In der britischen Hauptstadt kommen in diesem Sommer Politiker, Wissenschaftler, Datenanalysten, Autoren und Unternehmer zu zwei wichtigen Vernetzungstreffen zusammen: Erstens das Westminster Free Speech Forum, gegründet und organisiert von Michael Shellenberger, Professor an der 2021 erst vor kurzem als Gegenentwurf zu den identitätspolitisch-aktivistischen Strömungen an US-amerikanischen Hochschulen gegründeten University of Austin. Kurz danach findet die Konferenz der Alliance for Responsible Citizenship (ARC) in Olympia London statt.

Während für das Westminster Free Speech Forum die Chatham House Rules gelten – Berichterstattung über Inhalte, aber nicht über Teilnehmer, es sei denn, sie geben ihre Einwilligung –, handelt es sich bei der ARC um eine Veranstaltung mit großer Öffentlichkeitswirkung, die mittlerweile weltweit größte dieser Art.

Beides findet zu einer Zeit statt, in der sich in Großbritannien einschließlich Nordirland gleich zwei Kipppunkte andeuten: Zum einen gingen auch Menschen aus der gesellschaftlichen Mitte auf die Straße, nachdem die Einzelheiten des Falls Henry Nowak bekannt wurden, der in Polizeigewahrsam verblutete, während die Beamten seinen Mörder, einen Sikh, zunächst unbehelligt ließen. Denn er behauptete nach seinen tödlichen Messerstichen, sein Opfer hätte ihn „rassistisch beleidigt“. Die Polizisten nahmen seine falsche Aussage ohne jede Nachfrage hin. Auf der anderen Seite nehmen Politiker in Irland und in anderen EU-Ländern die Ausschreitungen in Belfast zum Anlass, Plattformen wie X einzuschränken.

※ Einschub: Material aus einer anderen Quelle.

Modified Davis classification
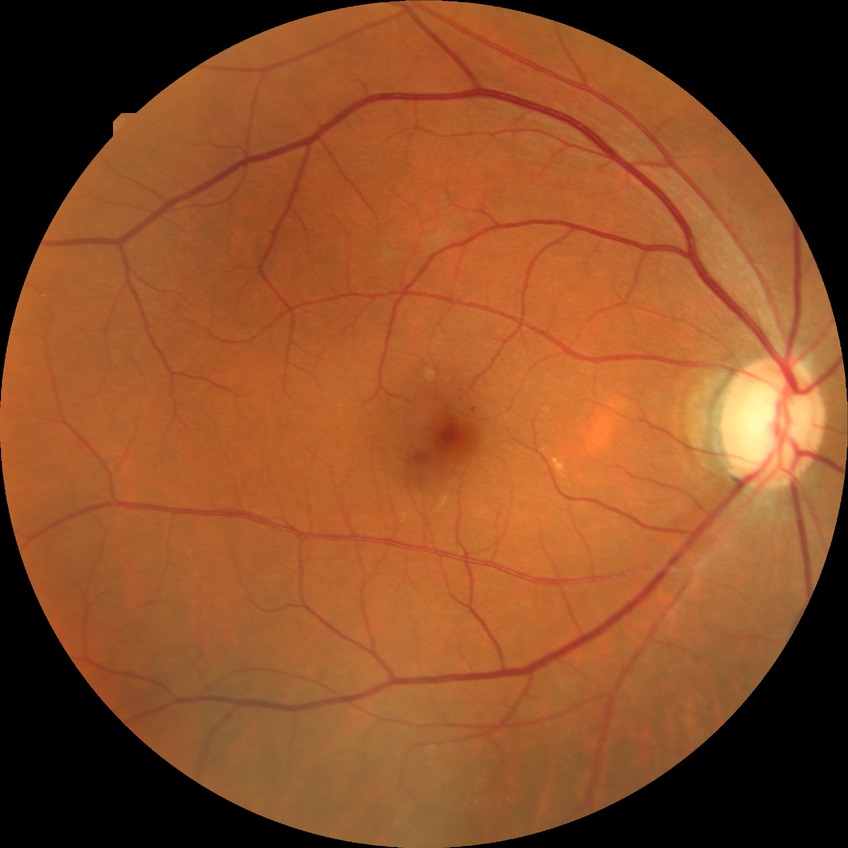
Diabetic retinopathy grade is simple diabetic retinopathy.
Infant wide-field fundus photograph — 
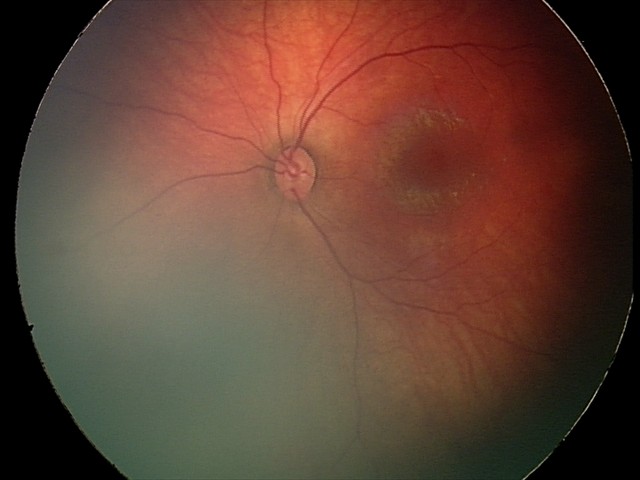 Series diagnosed as retinal hemorrhages.

Sie sehen nicht die Beinahe-Enthauptung eines weißen Briten durch einen aus Paris eingereisten Sudanesen als zentrales Problem, sondern die Verbreitung des Videos, das die Tat dokumentiert. Die Instrumente zur Unterdrückung von Information in einem nicht definierten „Krisenfall“ liegen im Digital Services Act (DSA) der EU längst bereit.

In Großbritannien lassen sich ganz ähnliche Bestrebungen beobachten. Dort existiert mit der Free Speech Union UK aber auch schon eine schlagkräftige Bewegung für freie Rede. Mit Toby Young verfügt sie über einen Frontmann, der die Konfrontation nicht scheut.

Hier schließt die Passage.